MHB Sine fourier series with period 1

[evinda]

Hello! (Wave)

I want to find the Fourier series of $f(x)=x, 0 \leq x<1$. It is a series with period $1$.

In our case, the function is odd.

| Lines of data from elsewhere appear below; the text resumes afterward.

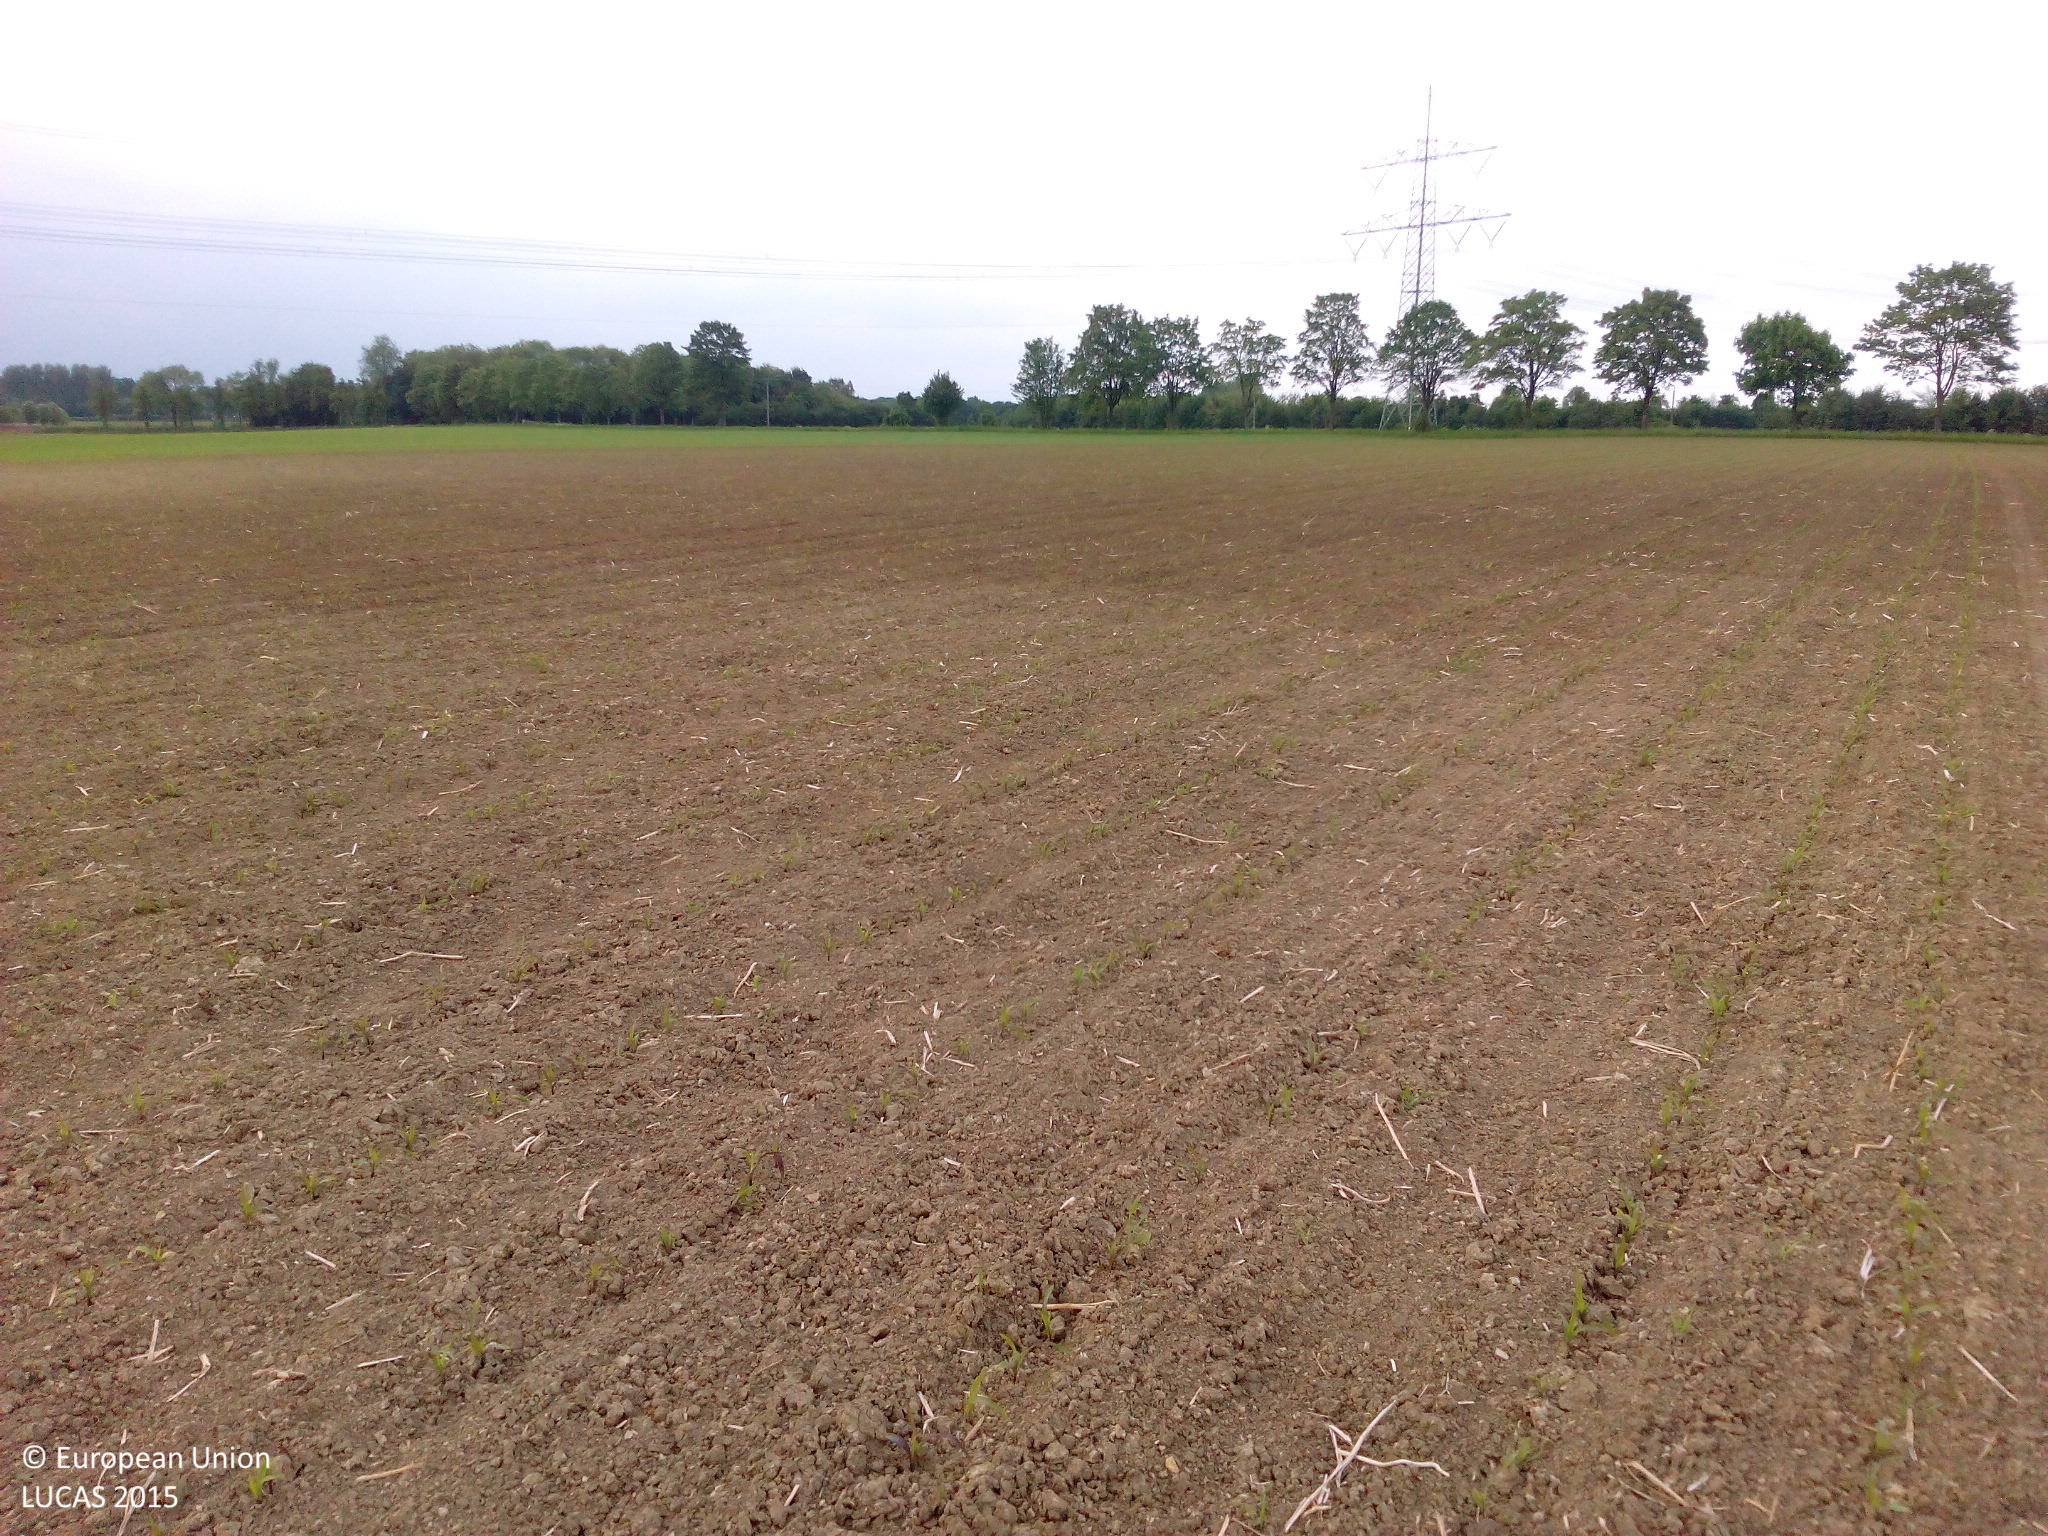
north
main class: Cropland
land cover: Maize
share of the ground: < 10 %
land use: Agriculture (excluding fallow land and kitchen gardens)
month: May
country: DE
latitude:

So in order to find the Fourier series, we would find the odd extension of $f$ and then use the following formulas:

$a_n=0 , \ \ \forall n \geq 0$

$b_n=\frac{2}{L} \int_0^L f(x) \sin{\frac{n \pi x}{L}} dx$And then the Fourier series is this: $f(x)=\sum_{n=1}^{\infty} b_n \sin{\frac{n \pi x}{L}}$.

But in our case , the period should be $1$ and so $L$ is equal to $\frac{1}{2}$.

But how can we then define the extension of $f$ ? (Thinking)

 

[I like Serena]

Hey evinda! (Smile)

We can only make it odd with period 1 if we subtract $\frac 12$.
That is:
$$g(x)=\begin{cases} x-\frac 12, & 0 < x < \frac 12 \\ x + \frac 12, & -\frac 12 \le x < 0\end{cases}$$

It would still be the same function, just shifted.

 

[evinda]

Hey evinda! (Smile)

We can only make it odd with period 1 if we subtract $\frac 12$.
That is:
$$g(x)=\begin{cases} x-\frac 12, & 0 < x < \frac 12 \\ x + \frac 12, & -\frac 12 \le x < 0\end{cases}$$

It would still be the same function, just shifted.

And then if we add $\frac{1}{2}$ to the Fourier series that we will get, will we get the Fourier series for $f$ ? If so, why does this hold? (Thinking)

 

[I like Serena]

And then if we add $\frac{1}{2}$ to the Fourier series that we will get, will we get the Fourier series for $f$ ? If so, why does this hold? (Thinking)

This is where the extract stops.